Spam folder, not spam deletion
Flagged submissions go to a spam folder. We don’t delete them. No spam filter is perfect, and false positives happen. You can review flagged submissions, unflag legitimate ones, and move them back to your inbox.
This is a deliberate design choice. Aggressive spam filters that silently delete submissions are worse than no filter at all — at least with no filter, you can manually sort through everything. With silent deletion, you’ll never know what you missed.
Why this matters
Most form backends punt on spam entirely. They give you a CAPTCHA widget, tell you to add it to your frontend, and wash their hands of the problem. That approach fails for three reasons:
-
CAPTCHAs are client-side. If your data is coming from a script, an agent, or a curl command, there’s no browser to render a CAPTCHA in. Server-side filtering works regardless of the source.
-
CAPTCHAs are friction. Every CAPTCHA is a user asking themselves “is filling out this form worth solving a puzzle?” Some percentage will say no. That’s lost data you’ll never get back.
-
CAPTCHAs are defeatable. Services exist that solve CAPTCHAs for pennies. Bots use them routinely. A CAPTCHA is a speed bump, not a wall.
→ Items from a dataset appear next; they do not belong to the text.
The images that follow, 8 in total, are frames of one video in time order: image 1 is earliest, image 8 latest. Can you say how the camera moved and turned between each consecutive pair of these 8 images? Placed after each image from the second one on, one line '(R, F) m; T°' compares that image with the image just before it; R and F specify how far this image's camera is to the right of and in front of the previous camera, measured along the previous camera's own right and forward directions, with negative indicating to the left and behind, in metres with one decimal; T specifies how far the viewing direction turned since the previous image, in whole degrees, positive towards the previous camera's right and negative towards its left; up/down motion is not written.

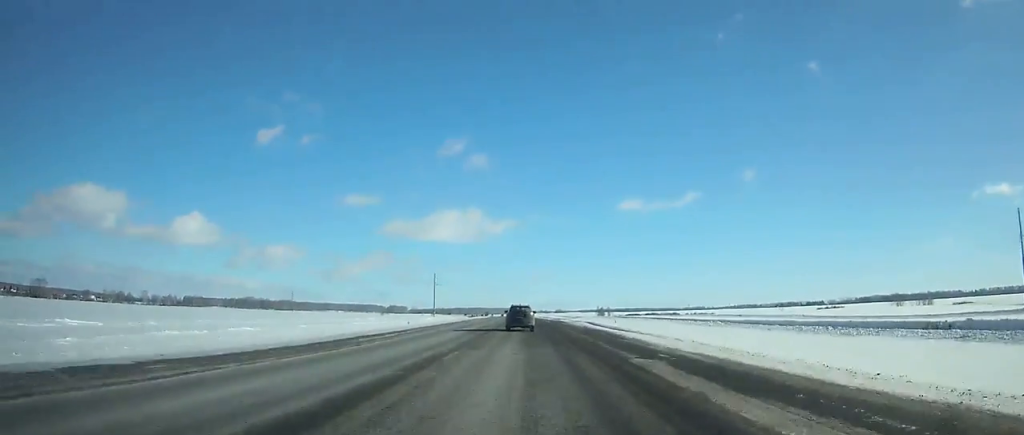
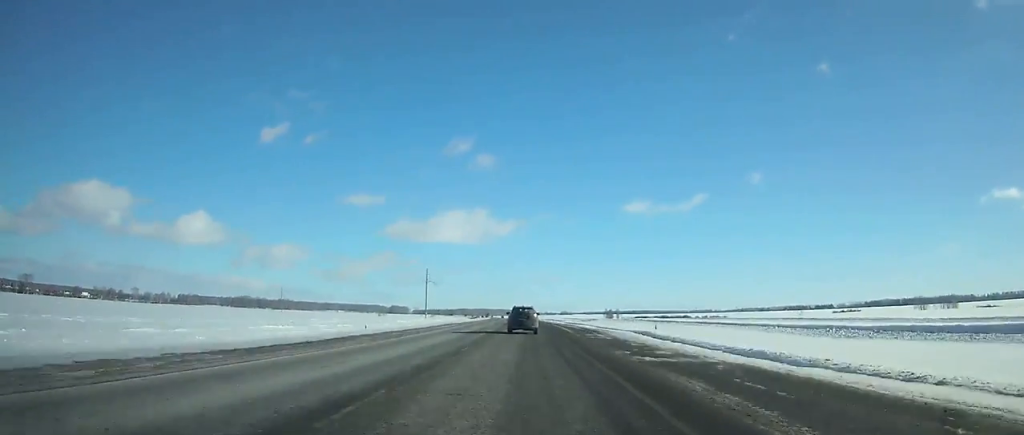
(+0.1, +32.8) m; -1°
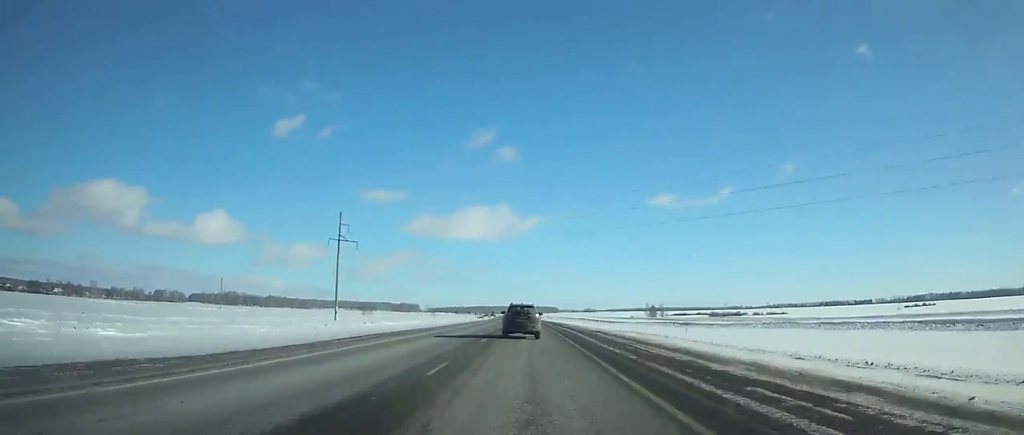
(-2.9, +127.1) m; -2°
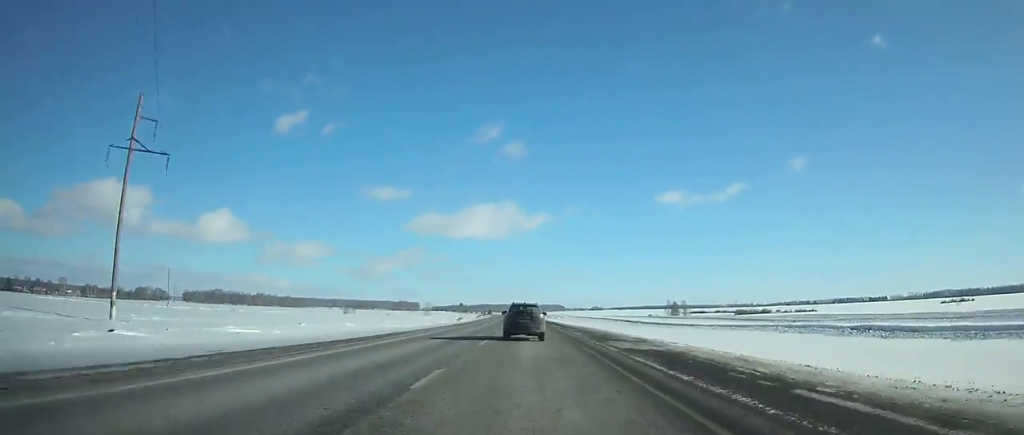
(-0.4, +62.2) m; -1°
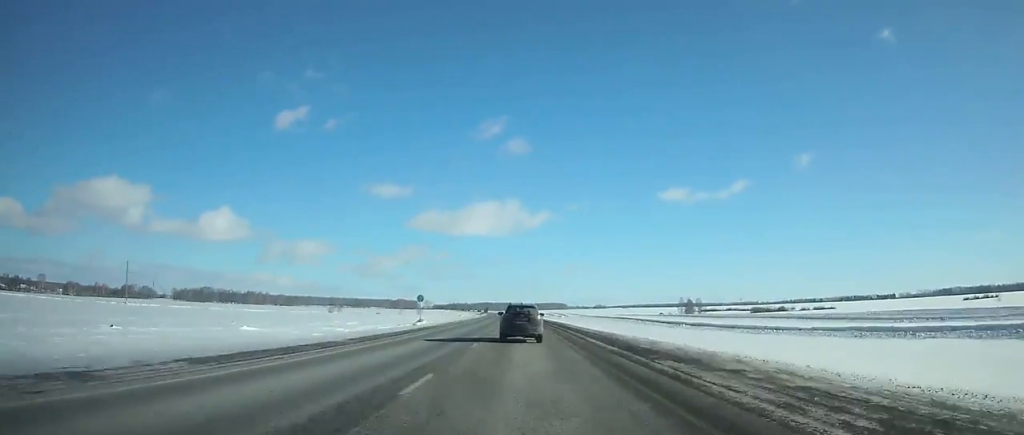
(+0.1, +35.9) m; -1°
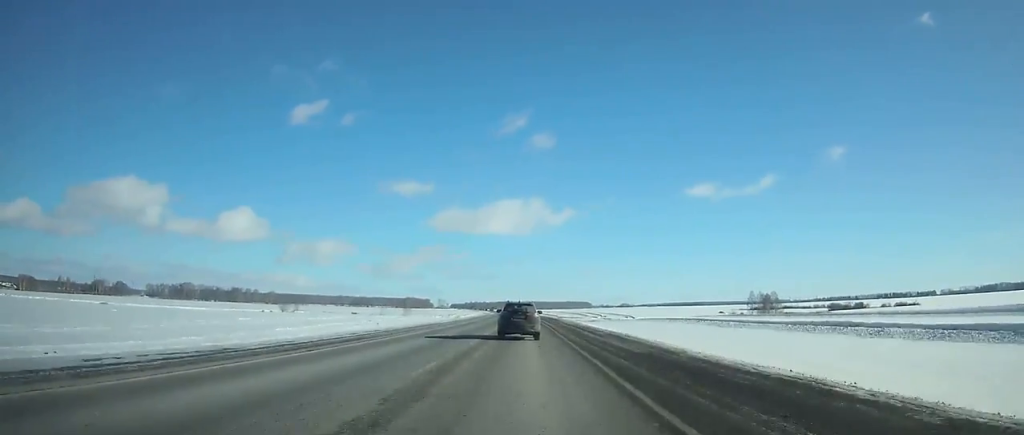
(-1.8, +106.4) m; -2°
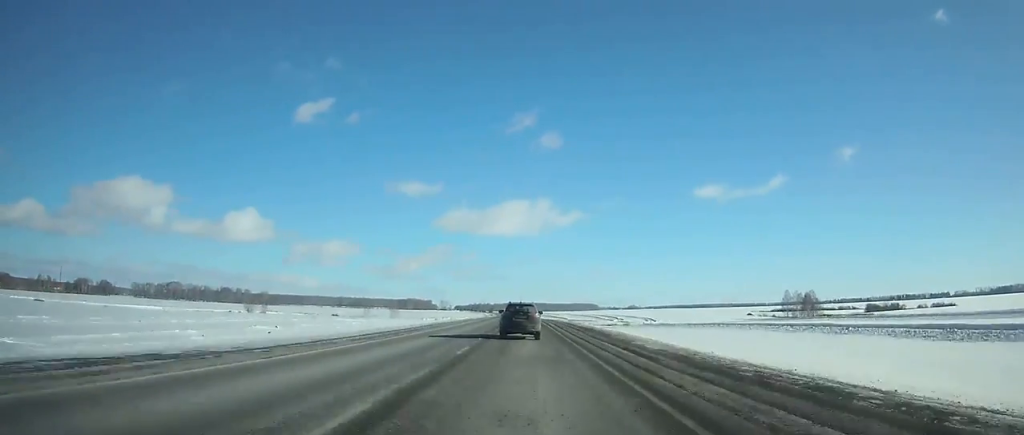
(-0.2, +42.8) m; -1°
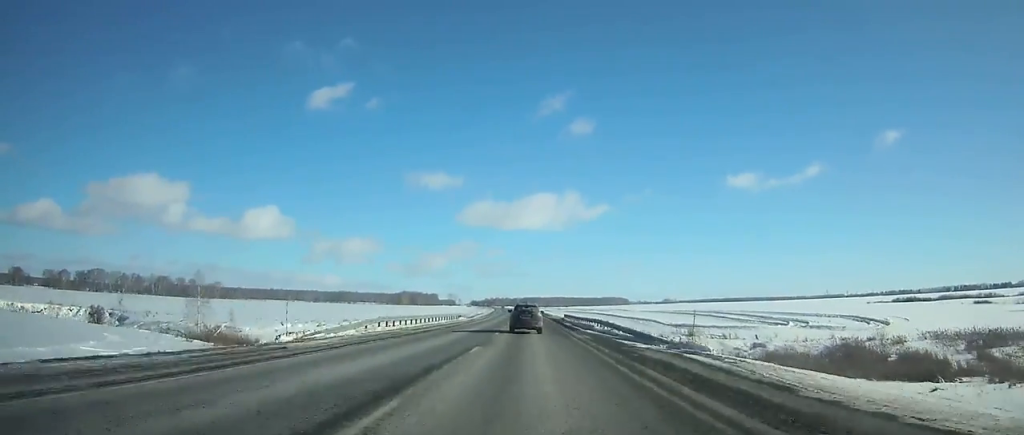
(-3.1, +180.3) m; -2°

Honeypots, heuristics, content moderation, and LLM intelligence — layered together, running server-side, invisible to the sender — that’s how spam filtering should work. The bot thinks it won. Your inbox stays clean. Your users never noticed anything happened.
That’s the design philosophy behind everything we build at Postbox. The hard problems get solved on the backend so they stop being problems for everyone else.